For this exercise, copy exactly the lines below from the one with "An aerial image. It shows: Building" through the one with "Options: above, below" and leave out the pictures.

■ Data items ■
==================================================
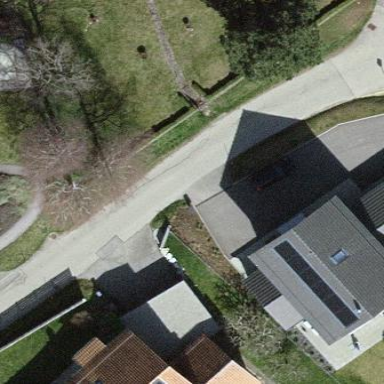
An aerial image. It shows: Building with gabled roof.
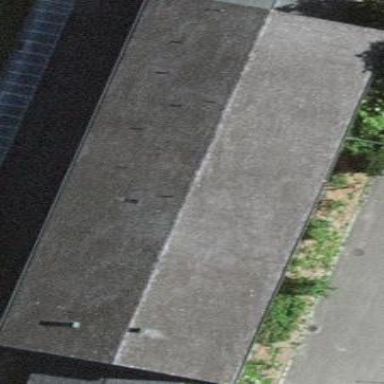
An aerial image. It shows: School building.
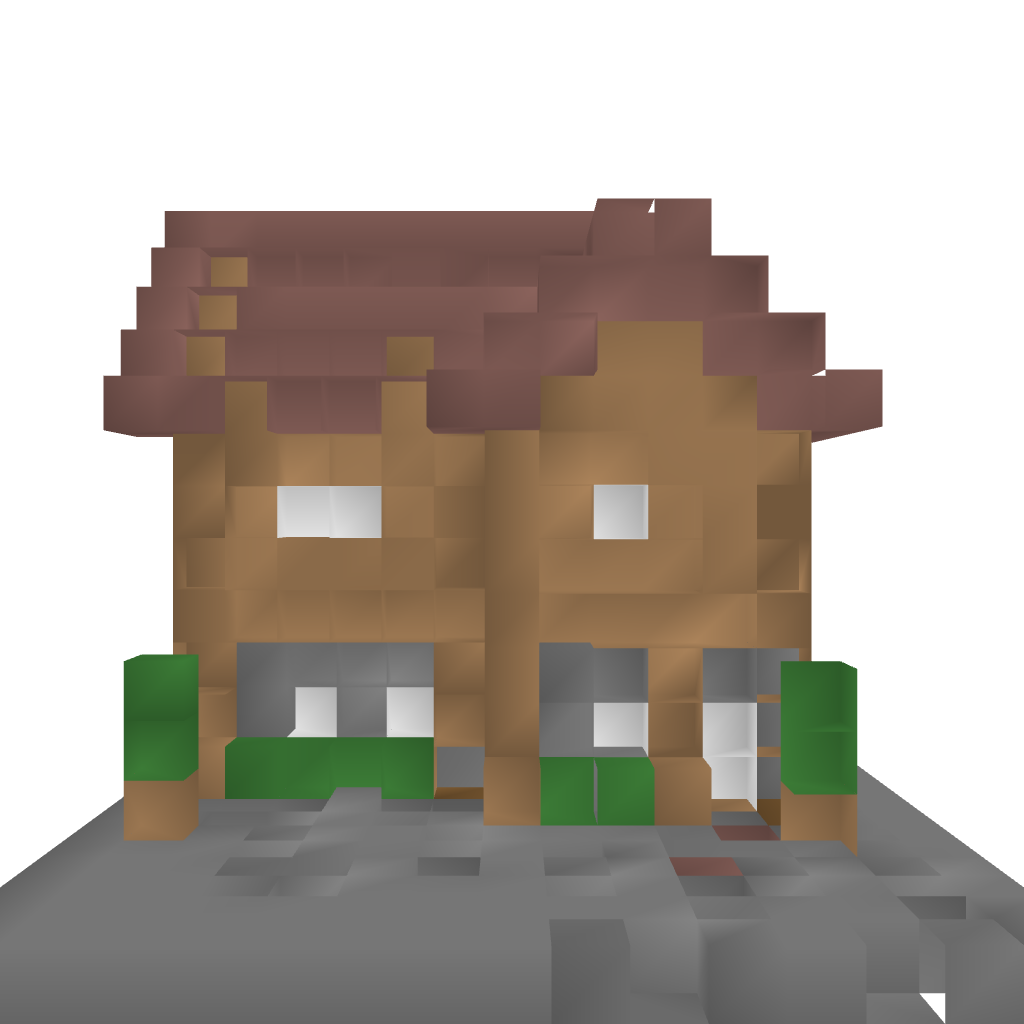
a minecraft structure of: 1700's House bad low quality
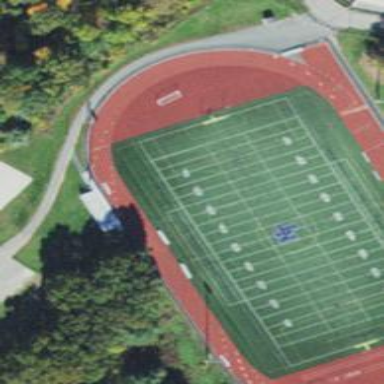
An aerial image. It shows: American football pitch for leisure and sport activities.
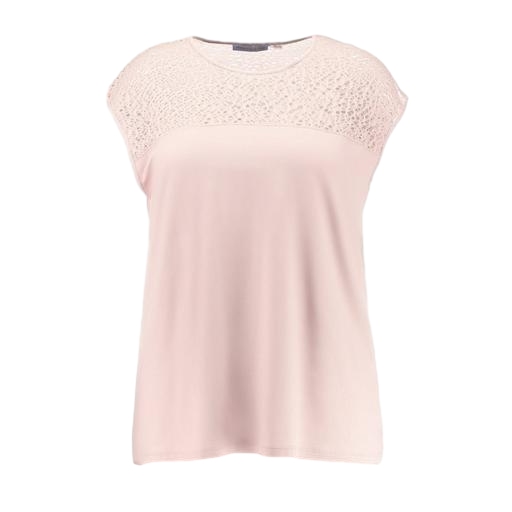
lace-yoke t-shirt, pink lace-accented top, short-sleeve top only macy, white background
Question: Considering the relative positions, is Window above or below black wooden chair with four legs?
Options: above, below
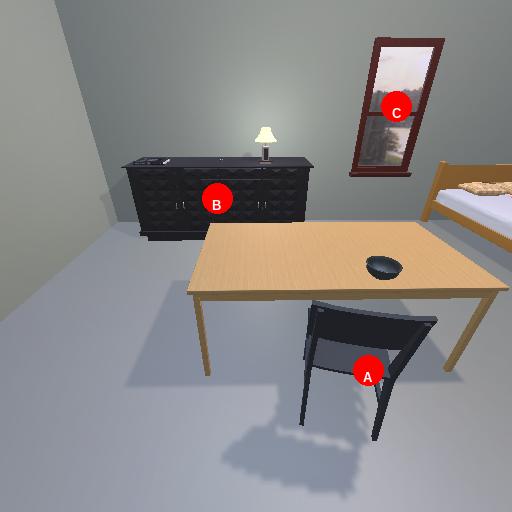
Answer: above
==================================================
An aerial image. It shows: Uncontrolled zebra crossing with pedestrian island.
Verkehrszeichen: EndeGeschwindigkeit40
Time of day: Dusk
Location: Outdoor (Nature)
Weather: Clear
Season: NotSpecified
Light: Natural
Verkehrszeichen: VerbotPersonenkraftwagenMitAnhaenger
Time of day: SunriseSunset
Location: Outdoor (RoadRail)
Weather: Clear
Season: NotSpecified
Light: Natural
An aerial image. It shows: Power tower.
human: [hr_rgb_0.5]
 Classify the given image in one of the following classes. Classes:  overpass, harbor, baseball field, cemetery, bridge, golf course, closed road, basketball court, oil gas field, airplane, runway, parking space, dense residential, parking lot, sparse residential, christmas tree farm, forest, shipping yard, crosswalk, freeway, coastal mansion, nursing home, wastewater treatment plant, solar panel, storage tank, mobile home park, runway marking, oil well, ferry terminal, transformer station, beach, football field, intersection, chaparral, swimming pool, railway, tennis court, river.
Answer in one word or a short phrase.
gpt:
==================================================
■ Answer to this problem ■
An aerial image. It shows: Building with gabled roof.
An aerial image. It shows: School building.
a minecraft structure of: 1700's House bad low quality
An aerial image. It shows: American football pitch for leisure and sport activities.
lace-yoke t-shirt, pink lace-accented top, short-sleeve top only macy, white background
Question: Considering the relative positions, is Window above or below black wooden chair with four legs?
Options: above, below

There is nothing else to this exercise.